David: I am not sure how I feel about a “Mormon sound.” I just want to be me and write me, as it were. If others think it is Mormon or not isn’t anything I really endorse or care about. This kind of thing makes me feel I should be writing a certain way, and that it really doesn’t represent me or my creative life. I just want to be Dave Sargent. I only want people to know me as Dave Sargent. Yes, I am a Mormon, a composer and I love the Church and my Savior with all my heart.


But it seems as though I am losing my desire to continue doing some of the things I have cherished the most—composing being one of them. I can’t explain it. I have been trying my best to do what I can with my compositional life. But the satisfaction of doing it, for whatever reason/s, has changed. 

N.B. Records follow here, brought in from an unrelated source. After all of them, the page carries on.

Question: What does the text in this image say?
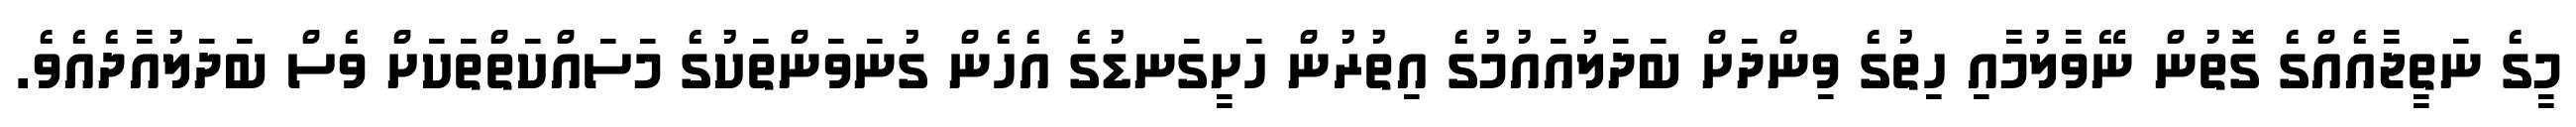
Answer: މީގެ ނަތީޖާއެއްގެ ގޮތުން ނޭވާލުމާއި ހިތުގެ ވިންދަށް ބަދަލުއައުމުގެ އިތުރުން ހަށީގަނޑުގެ އެހެން ގުނަވަންތަކުގެ މަސައްކަތްތަކަށް ވެސް ބަދަލުއާދެއެވެ.
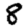
Digit: 8
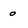
Character: 0
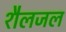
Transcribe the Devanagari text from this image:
शैलजल
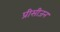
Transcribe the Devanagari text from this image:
प्रीसीजन

Charis: If there is a Mormon sound, I am unaware of it. I sincerely liked all my professors’ music, yet I don’t think my music is like their music at all. I also don’t feel that I’ve been influenced by any sort of “Mormon experience” or hymnody. Bernard Rands told me once that my music sounded like it was composed by a European man, so perhaps I missed out on any type of Mormon sound. 

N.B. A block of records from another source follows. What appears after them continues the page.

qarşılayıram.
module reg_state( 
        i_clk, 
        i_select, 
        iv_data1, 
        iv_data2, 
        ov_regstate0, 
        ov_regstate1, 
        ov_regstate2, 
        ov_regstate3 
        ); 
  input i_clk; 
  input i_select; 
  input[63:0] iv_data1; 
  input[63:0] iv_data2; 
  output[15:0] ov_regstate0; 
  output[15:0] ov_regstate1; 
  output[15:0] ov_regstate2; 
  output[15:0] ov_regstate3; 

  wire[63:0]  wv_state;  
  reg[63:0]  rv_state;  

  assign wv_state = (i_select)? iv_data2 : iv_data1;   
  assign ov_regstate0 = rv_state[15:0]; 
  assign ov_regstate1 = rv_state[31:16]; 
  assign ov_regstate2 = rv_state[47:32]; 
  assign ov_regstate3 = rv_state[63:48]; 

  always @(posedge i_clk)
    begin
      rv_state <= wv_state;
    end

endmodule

Murray: Teachers can suggest processes or guidelines or rules that can provide a structural support for a student’s expression. Consistency of expression, if you will. They can even teach tricks, but I don’t think their best students sound much like them. Connections, sure, if you want. But real composers have their own sounds in their heads, their own things to say. They may need guidance in how to express, but not what. Haydn/Mozart is an example. They both spoke the musical language of the day, but who would ever mistake a Haydn keyboard work for a Mozart one? And Haydn was wrong only once, Mozart never surpassed him. Mozart was simply different.


David: To me, the composer composes the music, people respond as they do. If there is a Mormon serious sound, it won’t happen overnight and hasn’t really been determined as such to date. It is something that will not be determined by us, but those who listen will determine it and it just takes time.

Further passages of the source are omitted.